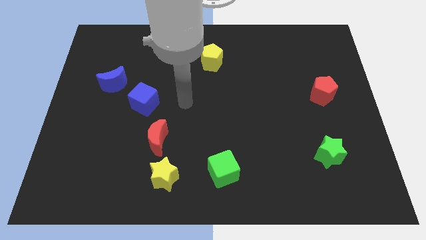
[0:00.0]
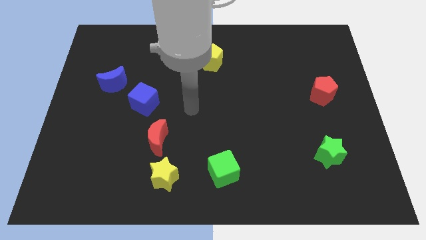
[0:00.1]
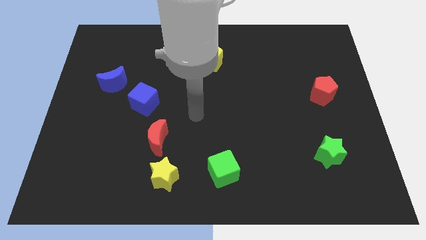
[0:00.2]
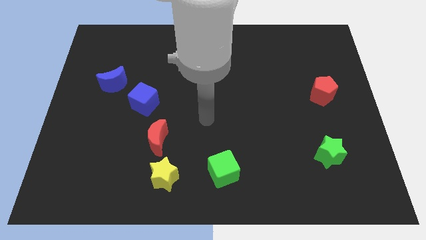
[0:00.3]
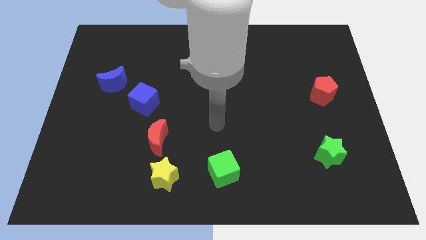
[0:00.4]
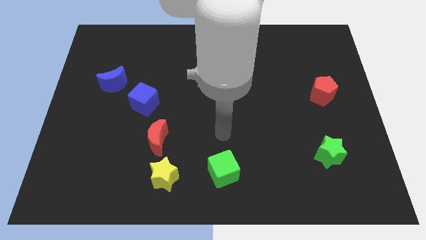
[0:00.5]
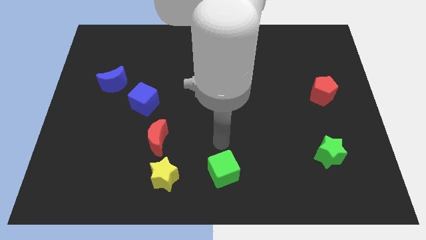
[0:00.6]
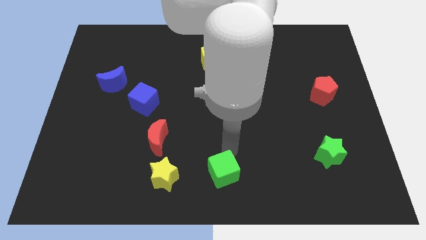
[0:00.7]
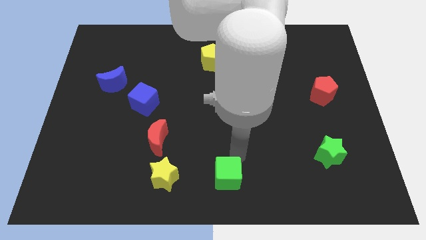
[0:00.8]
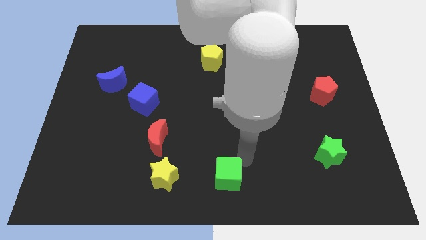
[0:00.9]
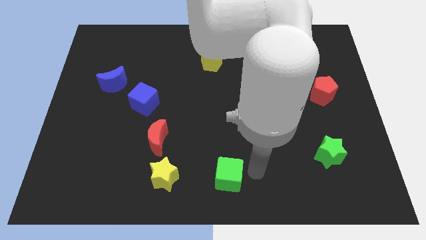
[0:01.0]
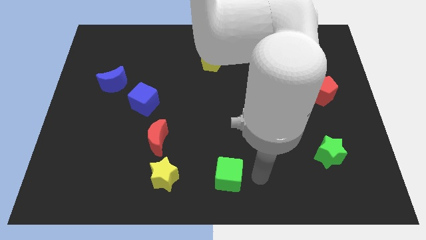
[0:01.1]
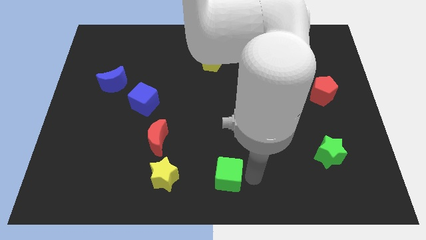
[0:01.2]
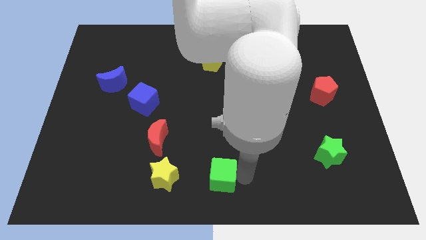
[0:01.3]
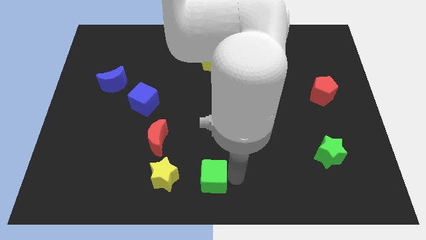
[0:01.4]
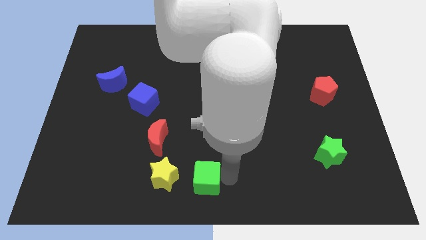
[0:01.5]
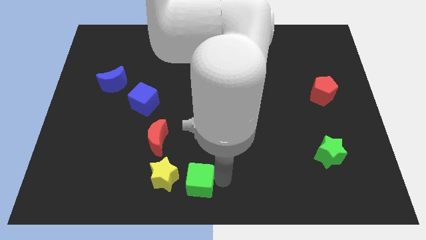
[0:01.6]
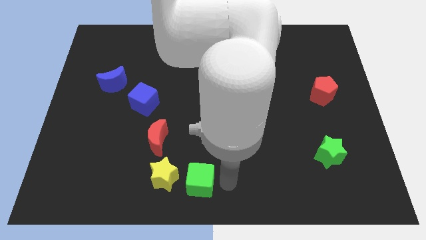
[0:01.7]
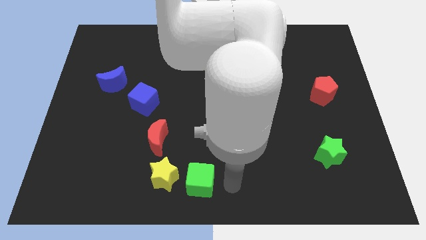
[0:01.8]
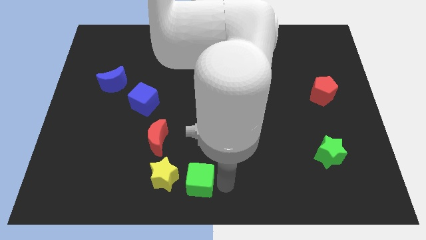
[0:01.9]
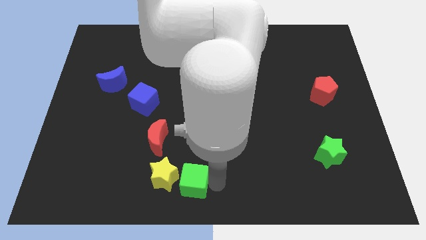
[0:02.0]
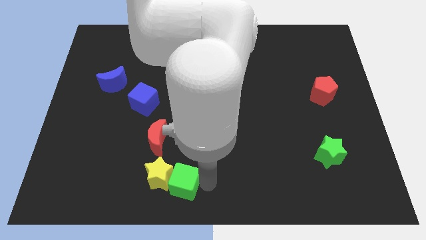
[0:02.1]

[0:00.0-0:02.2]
slide the green cube towards the yellow star

___

> TASK OBJECTIVE: Please repeat every record exactly as it stands, leaving out any pictures.

> EXPECTED ANSWER:
[0:00.0]
[0:00.1]
[0:00.2]
[0:00.3]
[0:00.4]
[0:00.5]
[0:00.6]
[0:00.7]
[0:00.8]
[0:00.9]
[0:01.0]
[0:01.1]
[0:01.2]
[0:01.3]
[0:01.4]
[0:01.5]
[0:01.6]
[0:01.7]
[0:01.8]
[0:01.9]
[0:02.0]
[0:02.1]

[0:00.0-0:02.2]
slide the green cube towards the yellow star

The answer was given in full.